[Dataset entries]

++++++++

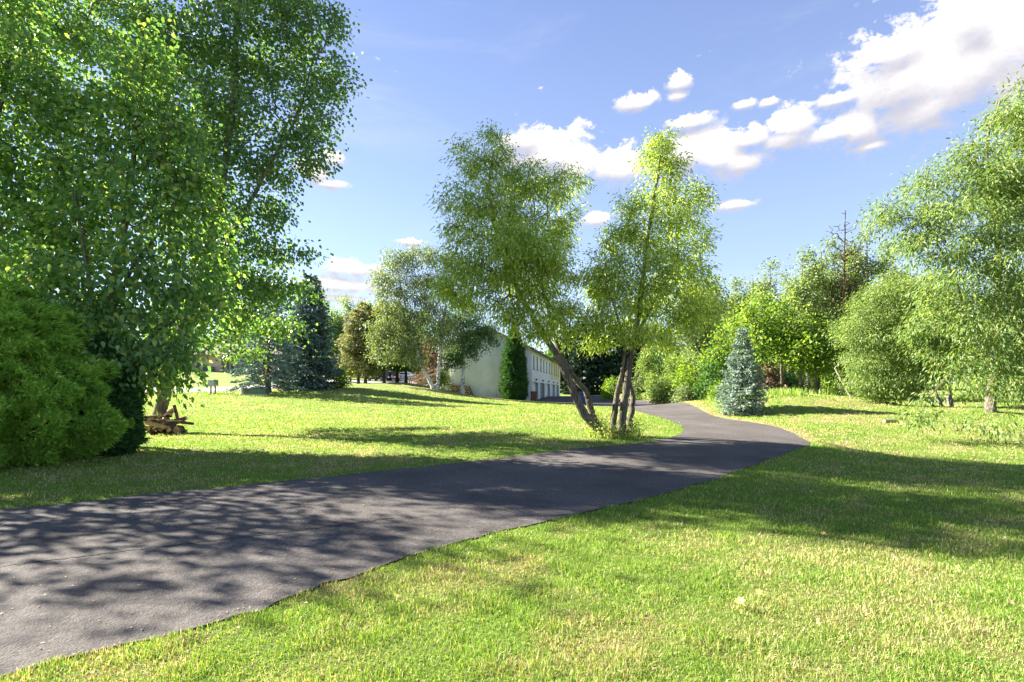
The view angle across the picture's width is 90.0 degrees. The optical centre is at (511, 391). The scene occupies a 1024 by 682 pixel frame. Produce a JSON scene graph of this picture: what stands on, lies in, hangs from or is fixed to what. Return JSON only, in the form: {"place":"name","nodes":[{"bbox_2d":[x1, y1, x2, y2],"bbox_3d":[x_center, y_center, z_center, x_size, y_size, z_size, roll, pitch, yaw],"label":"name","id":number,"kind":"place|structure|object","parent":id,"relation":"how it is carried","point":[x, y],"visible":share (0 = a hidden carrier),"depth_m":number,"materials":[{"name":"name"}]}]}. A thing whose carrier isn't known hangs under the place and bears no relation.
{"place":"outdoors","nodes":[
{"label":"outdoors","id":0,"kind":"place"},
{"bbox_2d":[145,378,441,392],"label":"street","id":1,"kind":"structure","parent":0,"point":[225,388],"depth_m":55.30,"materials":[{"name":"grey asphalt"}]},
{"bbox_2d":[367,371,389,380],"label":"parked car","id":2,"kind":"object","parent":1,"relation":"on","point":[387,373],"visible":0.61,"depth_m":91.00,"materials":[{"name":"paint"}]},
{"bbox_2d":[388,371,399,379],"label":"parked car","id":3,"kind":"object","parent":1,"relation":"on","point":[392,374],"visible":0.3,"depth_m":91.61,"materials":[{"name":"green paint"}]},
{"bbox_2d":[394,372,416,379],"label":"parked car","id":4,"kind":"object","parent":1,"relation":"on","point":[402,374],"visible":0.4,"depth_m":94.09,"materials":[{"name":"silver paint"}]},
{"bbox_2d":[0,396,810,675],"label":"driveway","id":5,"kind":"structure","parent":0,"point":[190,583],"depth_m":5.64,"materials":[{"name":"grey asphalt"}]},
{"bbox_2d":[0,518,386,566],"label":"pavement crack","id":6,"kind":"object","parent":5,"relation":"on","point":[185,543],"visible":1,"depth_m":4.93,"materials":[{"name":"black asphalt"}]},
{"bbox_2d":[530,391,536,400],"bbox_3d":[2.440,0.502,57.325,0.640,1.097,0.724,0,0,-17],"label":"wheeled bin","id":7,"kind":"object","parent":5,"relation":"on","point":[533,395],"visible":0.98,"depth_m":57.06,"materials":[{"name":"plastic"}]},
{"bbox_2d":[578,392,585,404],"bbox_3d":[6.024,0.550,43.526,0.640,1.097,0.724,0,0,-6],"label":"wheeled bin","id":8,"kind":"object","parent":5,"relation":"on","point":[582,397],"visible":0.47,"depth_m":43.24,"materials":[{"name":"plastic"}]},
{"bbox_2d":[0,371,1023,681],"bbox_3d":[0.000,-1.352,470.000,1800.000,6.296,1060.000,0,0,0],"label":"lawn","id":9,"kind":"structure","parent":0,"point":[222,379],"depth_m":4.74,"materials":[{"name":"green plant"}]},
{"bbox_2d":[0,0,113,307],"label":"linden tree","id":10,"kind":"object","parent":9,"relation":"on","point":[11,11],"visible":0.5,"depth_m":13.49,"materials":[{"name":"green plant"}]},
{"bbox_2d":[0,270,135,468],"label":"arborvitae","id":11,"kind":"object","parent":9,"relation":"on","point":[34,346],"visible":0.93,"depth_m":10.08,"materials":[{"name":"green plant"}]},
{"bbox_2d":[60,288,135,342],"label":"maple tree","id":12,"kind":"object","parent":9,"relation":"on","point":[84,328],"visible":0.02,"depth_m":89.42,"materials":[{"name":"green plant"}]},
{"bbox_2d":[49,329,153,457],"bbox_3d":[-9.241,0.110,11.579,1.861,3.108,1.799,0,0,0],"label":"arborvitae","id":13,"kind":"object","parent":9,"relation":"on","point":[129,402],"visible":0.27,"depth_m":11.45,"materials":[{"name":"green plant"}]},
{"bbox_2d":[0,4,263,415],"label":"maple tree","id":14,"kind":"object","parent":9,"relation":"on","point":[114,318],"visible":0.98,"depth_m":12.67,"materials":[{"name":"green plant"}]},
{"bbox_2d":[146,427,156,433],"bbox_3d":[-11.532,1.281,16.388,0.154,0.393,0.666,0,0,-14],"label":"firewood log","id":15,"kind":"object","parent":9,"relation":"on","point":[150,430],"visible":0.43,"depth_m":16.22,"materials":[{"name":"brown wood"}]},
{"bbox_2d":[137,299,184,340],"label":"maple tree","id":16,"kind":"object","parent":9,"relation":"on","point":[151,326],"visible":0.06,"depth_m":98.69,"materials":[{"name":"green plant"}]},
{"bbox_2d":[173,425,184,433],"bbox_3d":[-10.685,1.221,16.439,0.251,0.272,0.315,0,0,0],"label":"firewood log","id":17,"kind":"object","parent":9,"relation":"on","point":[178,429],"visible":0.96,"depth_m":16.31,"materials":[{"name":"wood"}]},
{"bbox_2d":[173,405,179,422],"bbox_3d":[-10.829,0.723,16.526,0.280,0.599,0.105,0,0,17],"label":"firewood log","id":18,"kind":"object","parent":17,"relation":"on","point":[176,413],"visible":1,"depth_m":16.49,"materials":[{"name":"brown wood"}]},
{"bbox_2d":[0,0,372,432],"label":"poplar tree","id":19,"kind":"object","parent":9,"relation":"on","point":[236,90],"visible":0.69,"depth_m":16.96,"materials":[{"name":"green plant"}]},
{"bbox_2d":[203,367,214,371],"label":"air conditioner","id":20,"kind":"object","parent":9,"relation":"on","point":[205,369],"visible":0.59,"depth_m":80.75,"materials":[{"name":"metal"}]},
{"bbox_2d":[208,380,213,394],"bbox_3d":[-24.106,-0.308,40.995,0.440,1.260,0.412,0,0,-26],"label":"mailbox","id":21,"kind":"object","parent":9,"relation":"on","point":[210,383],"visible":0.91,"depth_m":40.86,"materials":[{"name":"grey metal"}]},
{"bbox_2d":[130,344,305,374],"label":"house","id":22,"kind":"structure","parent":9,"relation":"on","point":[216,365],"depth_m":82.00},
{"bbox_2d":[235,359,246,367],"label":"window","id":23,"kind":"structure","parent":22,"relation":"in","point":[242,360],"depth_m":83.05,"materials":[{"name":"white paint"}]},
{"bbox_2d":[243,388,250,394],"bbox_3d":[-20.336,0.028,39.600,0.820,0.620,0.660,0,0,-5],"label":"utility box","id":24,"kind":"object","parent":9,"relation":"on","point":[246,391],"visible":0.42,"depth_m":39.35,"materials":[{"name":"metal"}]},
{"bbox_2d":[212,300,283,343],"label":"maple tree","id":25,"kind":"object","parent":9,"relation":"on","point":[237,339],"visible":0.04,"depth_m":96.58,"materials":[{"name":"green plant"}]},
{"bbox_2d":[249,387,269,394],"bbox_3d":[-19.323,-0.008,39.300,1.280,0.720,0.960,0,0,-5],"label":"utility box","id":26,"kind":"object","parent":9,"relation":"on","point":[262,391],"visible":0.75,"depth_m":38.90,"materials":[{"name":"metal"}]},
{"bbox_2d":[218,276,312,392],"bbox_3d":[-19.548,-4.575,41.091,7.030,9.885,6.416,0,0,-13],"label":"spruce tree","id":27,"kind":"object","parent":9,"relation":"on","point":[269,376],"visible":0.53,"depth_m":40.50,"materials":[{"name":"green plant"}]},
{"bbox_2d":[272,272,345,391],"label":"spruce tree","id":28,"kind":"object","parent":9,"relation":"on","point":[322,365],"visible":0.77,"depth_m":44.24,"materials":[{"name":"green plant"}]},
{"bbox_2d":[313,304,344,359],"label":"maple tree","id":29,"kind":"object","parent":9,"relation":"on","point":[337,324],"visible":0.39,"depth_m":104.84,"materials":[{"name":"green plant"}]},
{"bbox_2d":[328,363,354,387],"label":"shrub","id":30,"kind":"object","parent":9,"relation":"on","point":[344,379],"visible":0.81,"depth_m":45.75,"materials":[{"name":"green plant"}]},
{"bbox_2d":[324,293,361,365],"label":"maple tree","id":31,"kind":"object","parent":9,"relation":"on","point":[348,310],"visible":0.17,"depth_m":107.42,"materials":[{"name":"green plant"}]},
{"bbox_2d":[328,307,385,383],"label":"spruce tree","id":32,"kind":"object","parent":9,"relation":"on","point":[357,369],"visible":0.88,"depth_m":55.13,"materials":[{"name":"green plant"}]},
{"bbox_2d":[338,301,380,382],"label":"spruce tree","id":33,"kind":"object","parent":9,"relation":"on","point":[368,308],"visible":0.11,"depth_m":57.39,"materials":[{"name":"green plant"}]},
{"bbox_2d":[359,301,397,382],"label":"spruce tree","id":34,"kind":"object","parent":9,"relation":"on","point":[374,312],"visible":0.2,"depth_m":56.04,"materials":[{"name":"green plant"}]},
{"bbox_2d":[380,301,410,371],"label":"maple tree","id":35,"kind":"object","parent":9,"relation":"on","point":[387,369],"visible":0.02,"depth_m":106.14,"materials":[{"name":"green plant"}]},
{"bbox_2d":[381,306,420,381],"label":"spruce tree","id":36,"kind":"object","parent":9,"relation":"on","point":[397,378],"visible":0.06,"depth_m":57.33,"materials":[{"name":"green plant"}]},
{"bbox_2d":[388,328,420,382],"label":"spruce tree","id":37,"kind":"object","parent":9,"relation":"on","point":[396,368],"visible":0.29,"depth_m":55.43,"materials":[{"name":"green plant"}]},
{"bbox_2d":[359,240,463,389],"bbox_3d":[-9.779,-7.375,50.698,10.500,15.029,5.956,0,0,0],"label":"birch tree","id":38,"kind":"object","parent":9,"relation":"on","point":[439,341],"visible":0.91,"depth_m":50.10,"materials":[{"name":"green plant"}]},
{"bbox_2d":[412,337,441,388],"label":"spruce tree","id":39,"kind":"object","parent":9,"relation":"on","point":[432,360],"visible":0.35,"depth_m":65.43,"materials":[{"name":"green plant"}]},
{"bbox_2d":[414,308,441,371],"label":"maple tree","id":40,"kind":"object","parent":9,"relation":"on","point":[425,336],"visible":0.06,"depth_m":108.47,"materials":[{"name":"green plant"}]},
{"bbox_2d":[409,347,448,389],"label":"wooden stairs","id":41,"kind":"structure","parent":9,"relation":"on","point":[423,381],"depth_m":61.23,"materials":[{"name":"brown wood"}]},
{"bbox_2d":[432,366,453,389],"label":"shrub","id":42,"kind":"object","parent":9,"relation":"on","point":[444,381],"visible":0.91,"depth_m":56.79,"materials":[{"name":"green plant"}]},
{"bbox_2d":[431,300,504,393],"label":"tree","id":43,"kind":"object","parent":9,"relation":"on","point":[483,331],"visible":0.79,"depth_m":52.54,"materials":[{"name":"green plant"}]},
{"bbox_2d":[436,331,559,399],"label":"townhouse","id":44,"kind":"structure","parent":9,"relation":"on","point":[482,376],"depth_m":61.30,"materials":[{"name":"grey paint"}]},
{"bbox_2d":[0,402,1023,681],"bbox_3d":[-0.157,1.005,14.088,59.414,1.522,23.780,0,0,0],"label":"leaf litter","id":45,"kind":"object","parent":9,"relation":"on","point":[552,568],"visible":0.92,"depth_m":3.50,"materials":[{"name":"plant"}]},
{"bbox_2d":[498,327,528,400],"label":"arborvitae","id":46,"kind":"object","parent":9,"relation":"on","point":[513,376],"visible":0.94,"depth_m":57.61,"materials":[{"name":"green plant"}]},
{"bbox_2d":[422,118,609,436],"bbox_3d":[0.196,-3.119,14.251,5.360,9.109,4.278,0,0,0],"label":"willow tree","id":47,"kind":"object","parent":9,"relation":"on","point":[515,247],"visible":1,"depth_m":14.14,"materials":[{"name":"green plant"}]},
{"bbox_2d":[141,334,976,386],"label":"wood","id":48,"kind":"object","parent":9,"relation":"on","point":[550,354],"visible":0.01,"depth_m":132.24,"materials":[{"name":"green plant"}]},
{"bbox_2d":[552,328,582,392],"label":"spruce tree","id":49,"kind":"object","parent":9,"relation":"on","point":[562,379],"visible":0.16,"depth_m":106.43,"materials":[{"name":"green plant"}]},
{"bbox_2d":[561,315,598,394],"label":"spruce tree","id":50,"kind":"object","parent":9,"relation":"on","point":[584,360],"visible":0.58,"depth_m":102.51,"materials":[{"name":"green plant"}]},
{"bbox_2d":[582,329,611,391],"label":"spruce tree","id":51,"kind":"object","parent":9,"relation":"on","point":[597,363],"visible":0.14,"depth_m":104.25,"materials":[{"name":"green plant"}]},
{"bbox_2d":[592,324,627,394],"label":"spruce tree","id":52,"kind":"object","parent":9,"relation":"on","point":[609,366],"visible":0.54,"depth_m":101.72,"materials":[{"name":"green plant"}]},
{"bbox_2d":[600,376,622,399],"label":"bush","id":53,"kind":"object","parent":9,"relation":"on","point":[607,393],"visible":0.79,"depth_m":61.37,"materials":[{"name":"green plant"}]},
{"bbox_2d":[585,409,648,438],"bbox_3d":[2.931,0.980,14.346,1.878,0.984,1.453,0,0,0],"label":"shrub","id":54,"kind":"object","parent":9,"relation":"on","point":[626,430],"visible":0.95,"depth_m":14.30,"materials":[{"name":"green plant"}]},
{"bbox_2d":[615,319,643,389],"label":"spruce tree","id":55,"kind":"object","parent":9,"relation":"on","point":[626,350],"visible":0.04,"depth_m":106.94,"materials":[{"name":"green plant"}]},
{"bbox_2d":[632,369,644,395],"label":"bush","id":56,"kind":"object","parent":9,"relation":"on","point":[636,386],"visible":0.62,"depth_m":63.53,"materials":[{"name":"green plant"}]},
{"bbox_2d":[631,328,659,392],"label":"spruce tree","id":57,"kind":"object","parent":9,"relation":"on","point":[635,359],"visible":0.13,"depth_m":102.88,"materials":[{"name":"green plant"}]},
{"bbox_2d":[632,342,668,401],"bbox_3d":[13.634,-1.791,49.918,4.176,6.378,4.113,0,0,0],"label":"bush","id":58,"kind":"object","parent":9,"relation":"on","point":[646,361],"visible":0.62,"depth_m":49.59,"materials":[{"name":"green plant"}]},
{"bbox_2d":[569,120,732,437],"bbox_3d":[3.949,-3.120,14.549,4.751,9.014,3.840,0,0,0],"label":"willow tree","id":59,"kind":"object","parent":9,"relation":"on","point":[603,292],"visible":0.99,"depth_m":14.39,"materials":[{"name":"green plant"}]},
{"bbox_2d":[634,319,685,378],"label":"woodland tree","id":60,"kind":"object","parent":9,"relation":"on","point":[659,359],"visible":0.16,"depth_m":87.09,"materials":[{"name":"green plant"}]},
{"bbox_2d":[644,376,676,404],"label":"bush","id":61,"kind":"object","parent":9,"relation":"on","point":[658,397],"visible":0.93,"depth_m":41.60,"materials":[{"name":"green plant"}]},
{"bbox_2d":[650,346,683,401],"bbox_3d":[13.950,-1.230,44.831,3.733,5.479,4.025,0,0,0],"label":"bush","id":62,"kind":"object","parent":9,"relation":"on","point":[670,371],"visible":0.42,"depth_m":44.44,"materials":[{"name":"green plant"}]},
{"bbox_2d":[668,379,700,402],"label":"bush","id":63,"kind":"object","parent":9,"relation":"on","point":[683,395],"visible":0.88,"depth_m":36.69,"materials":[{"name":"green plant"}]},
{"bbox_2d":[665,355,710,401],"bbox_3d":[13.902,-0.886,39.888,3.999,4.491,3.692,0,0,21],"label":"bush","id":64,"kind":"object","parent":9,"relation":"on","point":[688,377],"visible":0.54,"depth_m":39.55,"materials":[{"name":"green plant"}]},
{"bbox_2d":[668,286,721,376],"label":"poplar tree","id":65,"kind":"object","parent":9,"relation":"on","point":[693,354],"visible":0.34,"depth_m":42.69,"materials":[{"name":"green plant"}]},
{"bbox_2d":[690,319,736,383],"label":"maple tree","id":66,"kind":"object","parent":9,"relation":"on","point":[716,353],"visible":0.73,"depth_m":36.66,"materials":[{"name":"green plant"}]},
{"bbox_2d":[686,356,740,399],"bbox_3d":[14.250,-0.839,36.159,3.228,3.935,3.360,0,0,-22],"label":"bush","id":67,"kind":"object","parent":9,"relation":"on","point":[713,378],"visible":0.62,"depth_m":35.94,"materials":[{"name":"green plant"}]},
{"bbox_2d":[699,377,729,400],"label":"bush","id":68,"kind":"object","parent":9,"relation":"on","point":[712,393],"visible":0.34,"depth_m":29.04,"materials":[{"name":"green plant"}]},
{"bbox_2d":[693,271,736,368],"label":"poplar tree","id":69,"kind":"object","parent":9,"relation":"on","point":[719,295],"visible":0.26,"depth_m":43.36,"materials":[{"name":"green plant"}]},
{"bbox_2d":[712,307,752,384],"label":"maple tree","id":70,"kind":"object","parent":9,"relation":"on","point":[731,323],"visible":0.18,"depth_m":37.97,"materials":[{"name":"green plant"}]},
{"bbox_2d":[717,274,760,390],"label":"poplar tree","id":71,"kind":"object","parent":9,"relation":"on","point":[735,297],"visible":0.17,"depth_m":53.85,"materials":[{"name":"green plant"}]},
{"bbox_2d":[734,596,745,605],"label":"fallen leaf","id":72,"kind":"object","parent":9,"relation":"on","point":[739,600],"visible":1,"depth_m":3.52,"materials":[{"name":"yellow plant"}]},
{"bbox_2d":[714,328,768,415],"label":"spruce tree","id":73,"kind":"object","parent":9,"relation":"on","point":[745,367],"visible":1,"depth_m":23.70,"materials":[{"name":"green plant"}]},
{"bbox_2d":[736,288,759,385],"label":"woodland tree","id":74,"kind":"object","parent":9,"relation":"on","point":[747,299],"depth_m":75.36,"materials":[{"name":"green plant"}]},
{"bbox_2d":[587,385,918,439],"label":"tall grass","id":75,"kind":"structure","parent":9,"relation":"on","point":[780,392],"depth_m":27.13,"materials":[{"name":"green plant"}]},
{"bbox_2d":[742,277,765,372],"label":"poplar tree","id":76,"kind":"object","parent":9,"relation":"on","point":[749,283],"visible":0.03,"depth_m":57.05,"materials":[{"name":"green plant"}]},
{"bbox_2d":[726,287,789,388],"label":"maple tree","id":77,"kind":"object","parent":9,"relation":"on","point":[759,335],"visible":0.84,"depth_m":32.71,"materials":[{"name":"green plant"}]},
{"bbox_2d":[747,254,786,387],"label":"poplar tree","id":78,"kind":"object","parent":9,"relation":"on","point":[766,285],"visible":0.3,"depth_m":49.84,"materials":[{"name":"green plant"}]},
{"bbox_2d":[744,361,791,390],"bbox_3d":[17.343,-0.849,35.096,3.102,2.787,2.692,0,0,38],"label":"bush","id":79,"kind":"object","parent":9,"relation":"on","point":[772,374],"visible":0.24,"depth_m":34.60,"materials":[{"name":"brown plant"}]},
{"bbox_2d":[758,291,800,390],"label":"maple tree","id":80,"kind":"object","parent":9,"relation":"on","point":[780,311],"visible":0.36,"depth_m":33.86,"materials":[{"name":"green plant"}]},
{"bbox_2d":[766,267,798,375],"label":"poplar tree","id":81,"kind":"object","parent":9,"relation":"on","point":[787,281],"visible":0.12,"depth_m":50.75,"materials":[{"name":"green plant"}]},
{"bbox_2d":[767,291,810,377],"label":"woodland tree","id":82,"kind":"object","parent":9,"relation":"on","point":[778,360],"visible":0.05,"depth_m":70.69,"materials":[{"name":"green plant"}]},
{"bbox_2d":[769,370,813,391],"bbox_3d":[19.895,-0.515,36.967,3.396,2.613,3.219,0,0,-18],"label":"bush","id":83,"kind":"object","parent":9,"relation":"on","point":[792,379],"visible":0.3,"depth_m":36.49,"materials":[{"name":"green plant"}]},
{"bbox_2d":[781,267,812,385],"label":"poplar tree","id":84,"kind":"object","parent":9,"relation":"on","point":[795,306],"visible":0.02,"depth_m":52.88,"materials":[{"name":"green plant"}]},
{"bbox_2d":[766,304,837,388],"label":"maple tree","id":85,"kind":"object","parent":9,"relation":"on","point":[789,336],"visible":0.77,"depth_m":31.74,"materials":[{"name":"green plant"}]},
{"bbox_2d":[777,244,837,389],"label":"poplar tree","id":86,"kind":"object","parent":9,"relation":"on","point":[808,278],"visible":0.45,"depth_m":46.54,"materials":[{"name":"green plant"}]},
{"bbox_2d":[780,311,848,392],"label":"maple tree","id":87,"kind":"object","parent":9,"relation":"on","point":[816,366],"visible":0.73,"depth_m":31.27,"materials":[{"name":"green plant"}]},
{"bbox_2d":[802,255,845,343],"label":"poplar tree","id":88,"kind":"object","parent":9,"relation":"on","point":[825,285],"visible":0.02,"depth_m":50.47,"materials":[{"name":"green plant"}]},
{"bbox_2d":[800,232,854,392],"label":"poplar tree","id":89,"kind":"object","parent":9,"relation":"on","point":[833,309],"visible":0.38,"depth_m":47.57,"materials":[{"name":"green plant"}]},
{"bbox_2d":[804,368,851,393],"bbox_3d":[28.814,-0.865,47.092,3.504,3.660,4.805,0,0,-24],"label":"bush","id":90,"kind":"object","parent":9,"relation":"on","point":[823,383],"visible":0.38,"depth_m":46.04,"materials":[{"name":"green plant"}]},
{"bbox_2d":[806,322,871,394],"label":"maple tree","id":91,"kind":"object","parent":9,"relation":"on","point":[826,352],"visible":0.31,"depth_m":30.94,"materials":[{"name":"green plant"}]},
{"bbox_2d":[816,210,872,391],"bbox_3d":[29.169,-7.663,45.046,4.516,16.551,2.786,0,0,0],"label":"dead tree","id":92,"kind":"object","parent":9,"relation":"on","point":[844,280],"visible":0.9,"depth_m":44.94,"materials":[{"name":"brown plant"}]},
{"bbox_2d":[830,245,876,392],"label":"poplar tree","id":93,"kind":"object","parent":9,"relation":"on","point":[838,300],"visible":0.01,"depth_m":48.87,"materials":[{"name":"green plant"}]},
{"bbox_2d":[826,224,901,388],"bbox_3d":[31.509,-7.178,45.495,5.611,15.638,6.179,0,0,0],"label":"poplar tree","id":94,"kind":"object","parent":9,"relation":"on","point":[858,272],"visible":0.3,"depth_m":45.93,"materials":[{"name":"green plant"}]},
{"bbox_2d":[867,235,913,376],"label":"poplar tree","id":95,"kind":"object","parent":9,"relation":"on","point":[893,272],"visible":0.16,"depth_m":49.68,"materials":[{"name":"green plant"}]},
{"bbox_2d":[877,267,933,383],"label":"woodland tree","id":96,"kind":"object","parent":9,"relation":"on","point":[908,361],"depth_m":64.67,"materials":[{"name":"green plant"}]},
{"bbox_2d":[822,265,992,406],"bbox_3d":[19.976,-2.659,25.800,8.256,7.599,5.530,0,0,0],"label":"willow tree","id":97,"kind":"object","parent":9,"relation":"on","point":[876,325],"visible":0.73,"depth_m":25.36,"materials":[{"name":"green plant"}]},
{"bbox_2d":[852,64,1023,447],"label":"willow tree","id":98,"kind":"object","parent":9,"relation":"on","point":[1000,190],"visible":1,"depth_m":18.09,"materials":[{"name":"green leaf"},{"name":"grey bark"}]},
{"bbox_2d":[929,285,972,389],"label":"woodland tree","id":99,"kind":"object","parent":9,"relation":"on","point":[949,364],"visible":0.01,"depth_m":63.33,"materials":[{"name":"green plant"}]},
{"bbox_2d":[950,302,1023,388],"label":"woodland tree","id":100,"kind":"object","parent":9,"relation":"on","point":[974,372],"visible":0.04,"depth_m":59.59,"materials":[{"name":"green plant"}]},
{"bbox_2d":[978,323,1023,385],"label":"woodland tree","id":101,"kind":"object","parent":9,"relation":"on","point":[1012,338],"visible":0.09,"depth_m":59.52,"materials":[{"name":"green plant"}]},
{"bbox_2d":[0,0,1023,383],"label":"sky","id":102,"kind":"structure","parent":0,"point":[805,109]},
{"bbox_3d":[-10.962,1.160,16.578,0.177,0.157,0.588,0,0,0],"label":"firewood log","id":103,"kind":"object","parent":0,"visible":0},
{"bbox_2d":[160,421,173,425],"bbox_3d":[-11.045,1.026,16.420,0.152,0.208,0.390,0,0,18],"label":"firewood log","id":104,"kind":"object","parent":103,"relation":"on","point":[166,423],"visible":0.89,"depth_m":16.36,"materials":[{"name":"brown wood"}]},
{"bbox_3d":[-10.974,1.160,16.337,0.127,0.261,0.616,0,0,0],"label":"firewood log","id":105,"kind":"object","parent":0,"visible":0},
{"bbox_2d":[144,420,162,427],"bbox_3d":[-11.266,1.035,16.143,0.594,0.272,0.141,0,0,-2],"label":"firewood log","id":106,"kind":"object","parent":105,"relation":"on","point":[153,424],"visible":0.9,"depth_m":16.11,"materials":[{"name":"brown wood"}]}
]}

++++++++

What you need to do: Report how many lines of the entries above contain "asphalt", and give no other output.

Worked solution: 3